◆ EXERCISE AIM ◆
Apart from the pictures, which must be omitted, restate the data exactly.

(Dataset records)
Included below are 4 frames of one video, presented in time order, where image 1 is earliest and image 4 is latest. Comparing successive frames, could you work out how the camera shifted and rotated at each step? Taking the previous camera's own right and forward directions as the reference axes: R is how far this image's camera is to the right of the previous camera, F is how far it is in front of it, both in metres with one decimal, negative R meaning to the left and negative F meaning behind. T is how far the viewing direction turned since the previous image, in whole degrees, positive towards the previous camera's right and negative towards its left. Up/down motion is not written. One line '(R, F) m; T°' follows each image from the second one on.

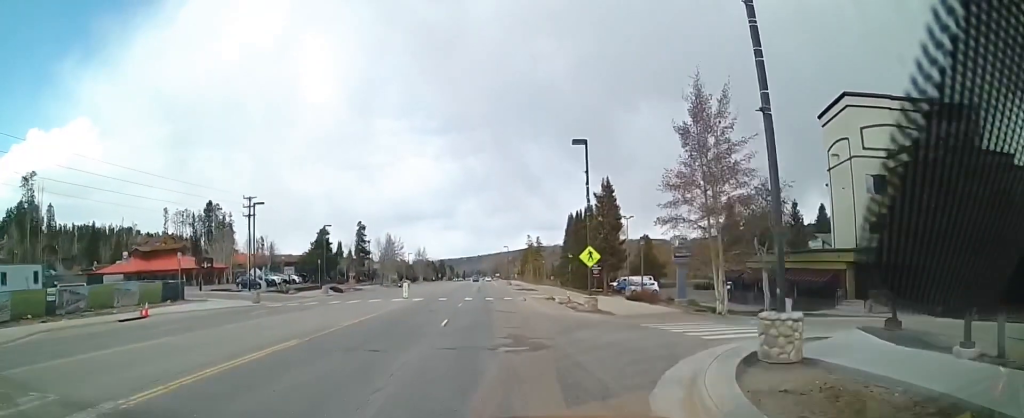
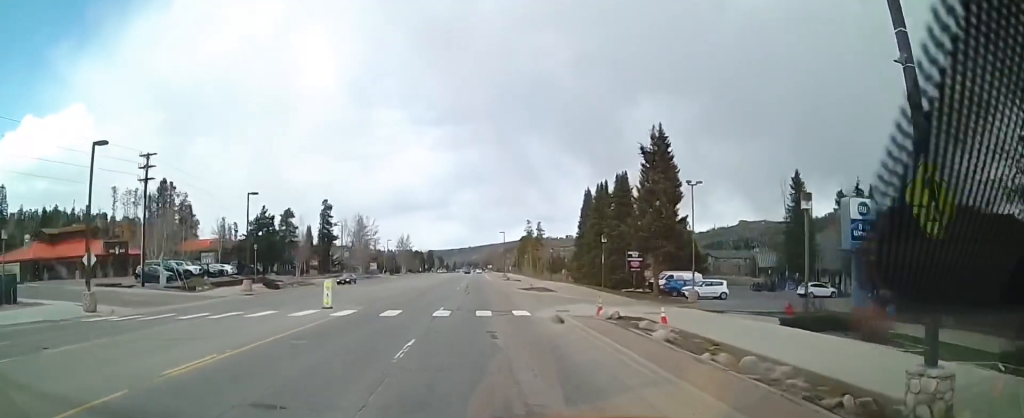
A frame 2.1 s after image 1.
(+0.9, +22.5) m; +2°
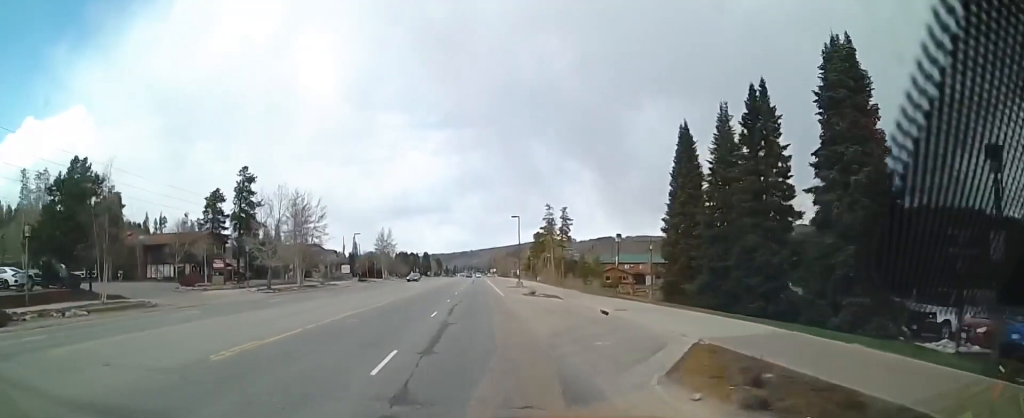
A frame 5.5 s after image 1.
(-0.7, +37.0) m; -2°
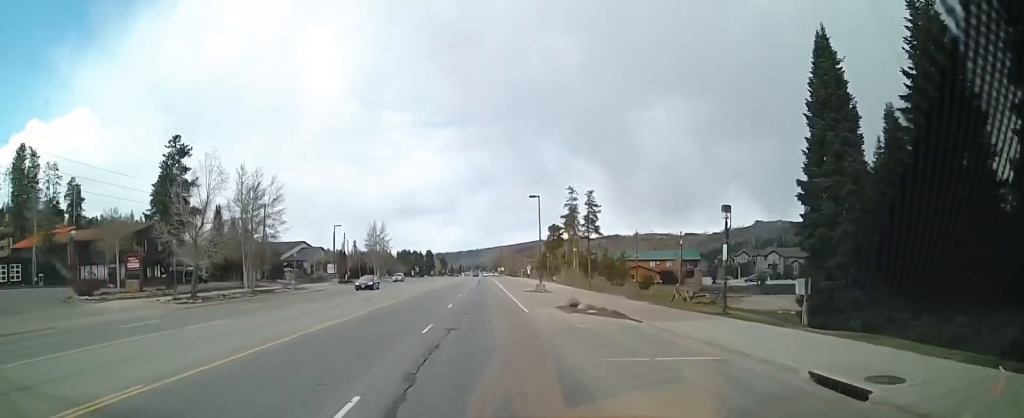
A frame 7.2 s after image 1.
(-0.2, +17.5) m; -1°

◆ SOLUTION TO THIS EXERCISE ◆
Included below are 4 frames of one video, presented in time order, where image 1 is earliest and image 4 is latest. Comparing successive frames, could you work out how the camera shifted and rotated at each step? Taking the previous camera's own right and forward directions as the reference axes: R is how far this image's camera is to the right of the previous camera, F is how far it is in front of it, both in metres with one decimal, negative R meaning to the left and negative F meaning behind. T is how far the viewing direction turned since the previous image, in whole degrees, positive towards the previous camera's right and negative towards its left. Up/down motion is not written. One line '(R, F) m; T°' follows each image from the second one on.

A frame 2.1 s after image 1.
(+0.9, +22.5) m; +2°
A frame 5.5 s after image 1.
(-0.7, +37.0) m; -2°
A frame 7.2 s after image 1.
(-0.2, +17.5) m; -1°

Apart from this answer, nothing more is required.